Mayank Shekhar: The inherent sauciness of Sanjay Mishra

18 July,2018 07:00 AM IST |  Mumbai  |  Mayank Shekhar

Should fame follow the usual, age-related upward trajectory, as it does with regular jobs, and money? In the arts, I think so

Sanjay Mishra in a still from Aankhon Dekhi


Actor Sanjay Mishra is only two years older than Salman Khan. He looks much older, of course. What's common between him and Salman - something he's shared with the super-star as well - is the several times both have found love (in life); which is of course better than never.

Mishraji - born in Darbhanga (Bihar), raised in Varanasi (UP), educated at the National School of Drama (Delhi), who's worked professionally in Mumbai - says he's inevitably ended up attracting (or being attracted to) "English type" women. By which he refers not to the British, but to Indian, urbane, Anglicised women, basically.

One such date he gifted a Lucknawi kurta on their first night-out to a fancy restaurant. That 'chikan' kurta would be incomplete without some post-dinner paan they picked up on the way back. While in his fancy car, the woman didn't know what to do with the betel-juice bottling her mouth.

Simple, he explained. Adorably 'theth' (rustic) as Mishraji is, he spat out the 'peek' (red juice) from his mouth, right across the backseat to the window next to her. Except, the window wasn't rolled up. Her kurta got totally stained. He dropped her home; and I'm sure left for his own.

What does this anecdote that Mishraji tells me, in conversation, before a packed hall in Kanpur - that had come down to watch him, despite the World Cup and Wimbledon finals the same night - instantly reveal about this 54-year-old popular actor?

That fame, especially attained relatively late, might not so easily be able to diminish an inherent earthiness, and most importantly, supreme confidence over who one really is - in Mishraji's case, a "purbi" (Eastern) "rangmanchiya", as he describes himself, treating life as theatre, and absolutely everyone in it, at any point, an audience.

Mishraji has been around in Mumbai since 1991. This is when he joined the TV series Chanakya, screwing up his first day at work so badly that he had to give 28 takes for his first shot, at which point even the director left him alone to figure it out. Ever since, audiences have seen him gradually prove his mettle in bit, or relatively bigger roles, in films (Satya, Bunty Aur Babli), and television (as commentator 'Apple Singh' during '99 World Cup, or in popular shows like Sorry Meri Lorry, Office Office).

Public acceptance/validation can be as unpredictable as it's inexplicable sometimes. For, few may recall the Rohit Shetty comedy All The Best (2009). But absolutely everyone remembers his line, delivered like a cross between villains Pran and Jeevan: "Dhondu? Just chill!" What does that even mean? Nothing.

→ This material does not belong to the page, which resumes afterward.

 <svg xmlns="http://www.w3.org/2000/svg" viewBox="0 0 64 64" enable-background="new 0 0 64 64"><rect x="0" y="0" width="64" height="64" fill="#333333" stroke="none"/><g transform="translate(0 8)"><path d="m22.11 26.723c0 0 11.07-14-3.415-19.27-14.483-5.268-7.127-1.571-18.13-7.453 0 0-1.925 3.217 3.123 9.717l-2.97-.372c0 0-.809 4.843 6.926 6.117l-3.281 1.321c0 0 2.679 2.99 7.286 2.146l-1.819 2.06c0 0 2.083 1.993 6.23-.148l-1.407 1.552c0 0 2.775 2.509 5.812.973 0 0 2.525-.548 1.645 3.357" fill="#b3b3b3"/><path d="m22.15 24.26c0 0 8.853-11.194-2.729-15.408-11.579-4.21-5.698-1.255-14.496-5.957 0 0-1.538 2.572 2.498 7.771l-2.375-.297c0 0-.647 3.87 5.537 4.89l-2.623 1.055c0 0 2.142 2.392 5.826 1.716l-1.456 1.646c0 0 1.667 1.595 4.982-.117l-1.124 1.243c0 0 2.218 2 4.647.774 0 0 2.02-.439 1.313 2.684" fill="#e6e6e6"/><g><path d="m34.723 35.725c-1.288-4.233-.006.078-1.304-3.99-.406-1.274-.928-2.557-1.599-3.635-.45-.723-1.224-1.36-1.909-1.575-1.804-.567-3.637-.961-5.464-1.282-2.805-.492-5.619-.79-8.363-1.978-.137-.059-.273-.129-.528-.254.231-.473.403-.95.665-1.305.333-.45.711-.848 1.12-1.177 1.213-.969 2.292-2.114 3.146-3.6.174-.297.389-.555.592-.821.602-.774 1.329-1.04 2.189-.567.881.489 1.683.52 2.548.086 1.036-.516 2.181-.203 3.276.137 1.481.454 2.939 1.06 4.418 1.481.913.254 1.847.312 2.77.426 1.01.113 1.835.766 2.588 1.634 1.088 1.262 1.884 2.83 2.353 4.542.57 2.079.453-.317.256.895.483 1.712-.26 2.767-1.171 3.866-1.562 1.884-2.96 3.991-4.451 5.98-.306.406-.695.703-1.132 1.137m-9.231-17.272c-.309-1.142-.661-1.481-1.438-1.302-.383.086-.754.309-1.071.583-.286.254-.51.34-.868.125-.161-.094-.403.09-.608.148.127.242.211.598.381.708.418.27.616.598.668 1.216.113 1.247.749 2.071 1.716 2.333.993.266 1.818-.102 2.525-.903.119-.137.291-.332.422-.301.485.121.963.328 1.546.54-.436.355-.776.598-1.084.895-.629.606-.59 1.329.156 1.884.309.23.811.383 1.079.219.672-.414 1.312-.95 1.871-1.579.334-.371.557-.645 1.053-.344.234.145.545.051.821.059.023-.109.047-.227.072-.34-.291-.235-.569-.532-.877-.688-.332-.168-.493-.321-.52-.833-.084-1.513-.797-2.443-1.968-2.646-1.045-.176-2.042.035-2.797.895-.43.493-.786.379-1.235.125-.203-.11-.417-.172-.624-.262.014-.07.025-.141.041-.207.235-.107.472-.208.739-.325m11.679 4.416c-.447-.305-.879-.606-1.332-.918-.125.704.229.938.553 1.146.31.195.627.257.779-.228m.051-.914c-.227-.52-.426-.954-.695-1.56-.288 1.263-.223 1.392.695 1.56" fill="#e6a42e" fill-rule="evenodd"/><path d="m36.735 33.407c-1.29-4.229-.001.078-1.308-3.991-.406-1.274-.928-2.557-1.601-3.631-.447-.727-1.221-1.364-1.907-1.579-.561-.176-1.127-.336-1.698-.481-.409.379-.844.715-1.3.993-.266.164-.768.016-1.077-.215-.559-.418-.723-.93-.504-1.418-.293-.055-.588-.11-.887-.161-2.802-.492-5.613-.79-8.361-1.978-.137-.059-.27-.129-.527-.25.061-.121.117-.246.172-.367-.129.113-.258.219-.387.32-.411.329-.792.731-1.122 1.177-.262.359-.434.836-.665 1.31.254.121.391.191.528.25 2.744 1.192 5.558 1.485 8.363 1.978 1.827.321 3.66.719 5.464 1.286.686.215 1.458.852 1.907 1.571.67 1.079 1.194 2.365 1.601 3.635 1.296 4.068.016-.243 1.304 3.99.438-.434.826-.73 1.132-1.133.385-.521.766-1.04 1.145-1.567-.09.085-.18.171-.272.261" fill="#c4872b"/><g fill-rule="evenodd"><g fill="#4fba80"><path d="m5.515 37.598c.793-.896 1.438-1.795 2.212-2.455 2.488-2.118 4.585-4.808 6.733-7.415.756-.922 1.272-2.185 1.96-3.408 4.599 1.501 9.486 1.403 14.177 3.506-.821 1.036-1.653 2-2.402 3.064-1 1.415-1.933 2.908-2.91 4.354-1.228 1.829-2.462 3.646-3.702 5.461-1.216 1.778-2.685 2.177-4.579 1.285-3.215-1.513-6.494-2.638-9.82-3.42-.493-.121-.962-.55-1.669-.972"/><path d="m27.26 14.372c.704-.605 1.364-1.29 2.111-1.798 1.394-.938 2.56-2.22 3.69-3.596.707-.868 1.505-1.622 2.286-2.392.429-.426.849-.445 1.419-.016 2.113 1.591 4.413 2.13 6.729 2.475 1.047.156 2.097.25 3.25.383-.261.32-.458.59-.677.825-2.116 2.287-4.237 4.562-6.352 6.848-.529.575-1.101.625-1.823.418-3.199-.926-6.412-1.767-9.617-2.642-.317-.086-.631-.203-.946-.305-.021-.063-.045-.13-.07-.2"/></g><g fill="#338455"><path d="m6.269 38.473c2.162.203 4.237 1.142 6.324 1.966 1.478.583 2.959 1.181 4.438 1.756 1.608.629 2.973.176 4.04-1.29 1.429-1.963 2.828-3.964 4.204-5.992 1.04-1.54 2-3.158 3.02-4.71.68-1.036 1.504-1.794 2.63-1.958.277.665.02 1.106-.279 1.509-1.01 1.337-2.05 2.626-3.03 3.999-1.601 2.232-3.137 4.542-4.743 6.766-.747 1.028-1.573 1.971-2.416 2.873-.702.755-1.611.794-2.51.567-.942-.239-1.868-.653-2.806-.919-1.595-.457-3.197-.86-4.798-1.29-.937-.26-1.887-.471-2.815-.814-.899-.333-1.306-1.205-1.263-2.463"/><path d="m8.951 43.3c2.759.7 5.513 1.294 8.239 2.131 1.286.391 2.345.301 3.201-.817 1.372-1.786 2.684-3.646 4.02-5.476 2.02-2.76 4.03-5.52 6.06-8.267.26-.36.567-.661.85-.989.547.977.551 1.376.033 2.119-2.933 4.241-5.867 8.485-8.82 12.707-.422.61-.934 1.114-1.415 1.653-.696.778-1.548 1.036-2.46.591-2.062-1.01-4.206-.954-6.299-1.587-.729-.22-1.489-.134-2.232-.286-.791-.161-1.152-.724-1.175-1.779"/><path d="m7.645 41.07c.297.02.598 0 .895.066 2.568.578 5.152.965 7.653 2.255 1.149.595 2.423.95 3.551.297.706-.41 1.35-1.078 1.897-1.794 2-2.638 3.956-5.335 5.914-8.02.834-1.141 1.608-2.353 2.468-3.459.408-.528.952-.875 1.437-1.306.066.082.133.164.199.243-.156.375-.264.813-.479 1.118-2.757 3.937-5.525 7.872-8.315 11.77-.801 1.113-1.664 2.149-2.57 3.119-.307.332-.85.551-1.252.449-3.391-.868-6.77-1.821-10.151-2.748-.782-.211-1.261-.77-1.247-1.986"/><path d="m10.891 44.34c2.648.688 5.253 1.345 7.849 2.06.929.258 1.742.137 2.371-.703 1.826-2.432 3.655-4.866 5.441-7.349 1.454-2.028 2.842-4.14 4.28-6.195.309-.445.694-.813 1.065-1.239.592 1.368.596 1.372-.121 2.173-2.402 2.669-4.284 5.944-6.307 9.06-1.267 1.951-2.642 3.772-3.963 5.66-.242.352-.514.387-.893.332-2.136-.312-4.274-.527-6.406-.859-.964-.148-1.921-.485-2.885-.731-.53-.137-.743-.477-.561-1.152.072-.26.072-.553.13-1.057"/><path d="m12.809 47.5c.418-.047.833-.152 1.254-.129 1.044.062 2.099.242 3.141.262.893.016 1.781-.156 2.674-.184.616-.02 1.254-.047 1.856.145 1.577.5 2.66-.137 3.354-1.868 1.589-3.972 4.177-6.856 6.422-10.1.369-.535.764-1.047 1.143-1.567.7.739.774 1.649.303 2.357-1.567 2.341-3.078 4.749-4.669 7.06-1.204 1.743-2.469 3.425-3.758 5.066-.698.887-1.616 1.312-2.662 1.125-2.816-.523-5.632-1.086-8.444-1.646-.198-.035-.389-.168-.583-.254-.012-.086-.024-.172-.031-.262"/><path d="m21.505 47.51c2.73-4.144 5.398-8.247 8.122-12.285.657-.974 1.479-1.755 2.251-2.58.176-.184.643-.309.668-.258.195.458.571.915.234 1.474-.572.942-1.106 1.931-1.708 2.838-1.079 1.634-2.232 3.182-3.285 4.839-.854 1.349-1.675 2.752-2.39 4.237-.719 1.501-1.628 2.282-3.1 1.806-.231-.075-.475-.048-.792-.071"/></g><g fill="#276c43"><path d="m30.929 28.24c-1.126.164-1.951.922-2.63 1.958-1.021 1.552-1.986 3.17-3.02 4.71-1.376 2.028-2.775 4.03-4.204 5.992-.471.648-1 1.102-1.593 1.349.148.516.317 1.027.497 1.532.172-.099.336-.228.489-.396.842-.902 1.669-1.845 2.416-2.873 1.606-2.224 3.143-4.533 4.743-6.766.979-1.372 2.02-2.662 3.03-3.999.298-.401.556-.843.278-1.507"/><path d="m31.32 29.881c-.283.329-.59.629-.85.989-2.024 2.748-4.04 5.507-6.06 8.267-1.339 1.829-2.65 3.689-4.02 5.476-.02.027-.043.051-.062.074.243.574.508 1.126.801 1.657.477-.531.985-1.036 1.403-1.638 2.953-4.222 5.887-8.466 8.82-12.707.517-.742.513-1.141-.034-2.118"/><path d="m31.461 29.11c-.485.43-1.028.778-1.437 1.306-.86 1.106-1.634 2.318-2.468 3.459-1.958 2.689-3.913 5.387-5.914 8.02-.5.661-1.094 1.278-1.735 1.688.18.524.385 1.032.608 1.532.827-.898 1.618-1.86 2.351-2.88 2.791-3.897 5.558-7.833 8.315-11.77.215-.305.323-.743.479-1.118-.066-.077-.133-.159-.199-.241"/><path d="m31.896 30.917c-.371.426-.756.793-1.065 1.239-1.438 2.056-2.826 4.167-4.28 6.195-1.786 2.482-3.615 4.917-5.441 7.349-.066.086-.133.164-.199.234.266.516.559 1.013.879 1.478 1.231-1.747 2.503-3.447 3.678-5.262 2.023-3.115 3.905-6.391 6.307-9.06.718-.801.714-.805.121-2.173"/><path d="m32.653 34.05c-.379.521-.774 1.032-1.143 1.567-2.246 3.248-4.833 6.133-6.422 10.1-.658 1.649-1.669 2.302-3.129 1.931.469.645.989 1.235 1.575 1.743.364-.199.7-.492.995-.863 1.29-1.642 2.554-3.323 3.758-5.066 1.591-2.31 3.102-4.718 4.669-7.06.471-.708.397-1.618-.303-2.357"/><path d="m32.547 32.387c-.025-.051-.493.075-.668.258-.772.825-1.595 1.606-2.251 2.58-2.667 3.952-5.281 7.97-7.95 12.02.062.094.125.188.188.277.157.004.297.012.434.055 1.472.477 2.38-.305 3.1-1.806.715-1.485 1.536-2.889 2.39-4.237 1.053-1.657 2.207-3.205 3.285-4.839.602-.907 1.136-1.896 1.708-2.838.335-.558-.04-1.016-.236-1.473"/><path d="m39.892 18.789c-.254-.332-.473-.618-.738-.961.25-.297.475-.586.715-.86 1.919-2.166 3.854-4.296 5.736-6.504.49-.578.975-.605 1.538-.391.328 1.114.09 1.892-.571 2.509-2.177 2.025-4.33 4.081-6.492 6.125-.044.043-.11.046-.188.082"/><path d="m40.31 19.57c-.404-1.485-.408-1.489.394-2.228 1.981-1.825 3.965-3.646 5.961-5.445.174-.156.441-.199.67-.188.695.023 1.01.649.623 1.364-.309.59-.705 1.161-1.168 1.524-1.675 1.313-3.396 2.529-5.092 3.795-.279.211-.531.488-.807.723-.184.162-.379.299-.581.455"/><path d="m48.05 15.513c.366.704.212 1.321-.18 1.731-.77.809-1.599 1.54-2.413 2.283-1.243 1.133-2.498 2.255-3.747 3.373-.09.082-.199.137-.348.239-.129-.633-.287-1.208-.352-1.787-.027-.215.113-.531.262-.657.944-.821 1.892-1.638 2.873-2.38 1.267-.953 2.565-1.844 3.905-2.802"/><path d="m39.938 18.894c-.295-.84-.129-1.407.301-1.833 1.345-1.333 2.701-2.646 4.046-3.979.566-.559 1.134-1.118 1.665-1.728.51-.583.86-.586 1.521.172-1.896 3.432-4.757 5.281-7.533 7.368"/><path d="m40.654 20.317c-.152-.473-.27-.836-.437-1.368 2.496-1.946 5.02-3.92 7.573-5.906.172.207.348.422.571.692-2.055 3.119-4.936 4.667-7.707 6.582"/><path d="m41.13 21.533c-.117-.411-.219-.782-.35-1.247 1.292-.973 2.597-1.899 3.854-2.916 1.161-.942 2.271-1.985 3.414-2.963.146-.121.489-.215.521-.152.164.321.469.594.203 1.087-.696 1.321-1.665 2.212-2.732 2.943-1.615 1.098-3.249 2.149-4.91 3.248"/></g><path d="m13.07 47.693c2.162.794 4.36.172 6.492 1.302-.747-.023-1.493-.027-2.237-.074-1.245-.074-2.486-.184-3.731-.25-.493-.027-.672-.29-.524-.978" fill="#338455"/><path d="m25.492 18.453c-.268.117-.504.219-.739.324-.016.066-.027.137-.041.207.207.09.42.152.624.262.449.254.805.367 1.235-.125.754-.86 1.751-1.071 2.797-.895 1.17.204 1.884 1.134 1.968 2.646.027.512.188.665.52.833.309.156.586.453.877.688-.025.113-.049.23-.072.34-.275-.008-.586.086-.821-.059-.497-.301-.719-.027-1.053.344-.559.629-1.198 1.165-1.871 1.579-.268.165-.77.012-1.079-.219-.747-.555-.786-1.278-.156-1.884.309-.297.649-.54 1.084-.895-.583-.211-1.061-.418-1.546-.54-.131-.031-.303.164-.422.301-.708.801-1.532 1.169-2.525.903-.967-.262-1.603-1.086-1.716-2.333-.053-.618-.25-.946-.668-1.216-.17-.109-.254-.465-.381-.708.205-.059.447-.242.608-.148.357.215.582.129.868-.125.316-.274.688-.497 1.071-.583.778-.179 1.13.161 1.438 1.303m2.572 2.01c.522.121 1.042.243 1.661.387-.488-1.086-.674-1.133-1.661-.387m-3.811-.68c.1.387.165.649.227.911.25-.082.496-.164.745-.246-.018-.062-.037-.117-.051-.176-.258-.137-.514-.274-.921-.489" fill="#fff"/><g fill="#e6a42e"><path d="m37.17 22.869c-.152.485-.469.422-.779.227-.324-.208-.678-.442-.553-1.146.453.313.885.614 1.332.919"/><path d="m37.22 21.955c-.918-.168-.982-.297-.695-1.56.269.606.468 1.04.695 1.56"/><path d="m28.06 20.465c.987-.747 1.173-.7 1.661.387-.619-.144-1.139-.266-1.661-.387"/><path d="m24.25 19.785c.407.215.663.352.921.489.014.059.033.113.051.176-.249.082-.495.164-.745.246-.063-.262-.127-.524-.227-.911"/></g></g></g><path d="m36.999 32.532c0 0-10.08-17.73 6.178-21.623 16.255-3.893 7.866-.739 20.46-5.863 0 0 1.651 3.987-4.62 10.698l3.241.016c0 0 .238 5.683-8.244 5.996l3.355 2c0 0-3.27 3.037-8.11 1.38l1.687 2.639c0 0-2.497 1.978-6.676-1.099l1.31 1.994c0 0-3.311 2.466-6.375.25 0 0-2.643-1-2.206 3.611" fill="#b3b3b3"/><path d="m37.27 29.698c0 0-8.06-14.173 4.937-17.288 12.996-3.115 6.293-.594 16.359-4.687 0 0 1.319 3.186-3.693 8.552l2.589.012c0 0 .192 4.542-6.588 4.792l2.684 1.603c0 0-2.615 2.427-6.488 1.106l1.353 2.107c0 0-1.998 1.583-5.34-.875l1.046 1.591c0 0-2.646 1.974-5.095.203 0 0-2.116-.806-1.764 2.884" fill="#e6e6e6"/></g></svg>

The film that will mean a lot more to audiences much after he's gone is in fact Rajat Kapoor's Aankhon Dekhi (2014) that happened to him only when he turned 50. It opened a gateway to lead roles for him, even rewardingly contrasting ones sometimes. He says, "In Aankhon Dekhi, I played a man who won't believe anything, until he sees it. In Kadvi Hawa (2017; on climate change), I couldn't see anything (was blind), but could feel enough to warn against an impending fate."

The actual turning point in Mishraji's life, as he puts it, happened when he had a health-scare in his late 40s, that inevitably got him to face mortality more closely, given his father passed away soon after. Frankly, Mishraji is the most 'woke' human I've ever met - always in character - who ironically also argues for everyone to simply, "jage raho (stay awake)," and nothing else.

It's a hard thing to do, especially in an inward-looking show-business, where talent is wholly subjective; achievement is constantly measured against someone else's (there's always the other doing better than you, perhaps undeservedly so); hierarchies change every few weeks; ambition's a bitch, and can drive one towards consistent self-destruction. At any rate, everybody's existence seems designed towards being a perennial 'struggler' - no matter what the intangible success-rate.

Until recently, after being around for over two decades, Mishraji himself would've been termed a struggler in an industry with a traditional class system, where anybody who's not a "star" is supposed to be a "character actor", as if lead actors don't play characters (they probably play themselves!). Sure, that's changing. But Mishraji looks, talks, chats the same way. Maybe this has something to do with the fact that he's always seen himself as living the "life of a kalakaar" (artiste), rather than an actor alone.

He plays the sitar, composes music, paints, cooks, writes poetry, has been a prolific photographer, assisted on cinematography, been an art-director, directed a feature film… The fact that he can't be himself (because of fame) scares him shitless.

It shouldn't. If acting doesn't quite work out, spiritual guru could still be an alternate profession among several to choose from. By the way, Shirdi's Sai Baba's is the one role he really wants to play on screen.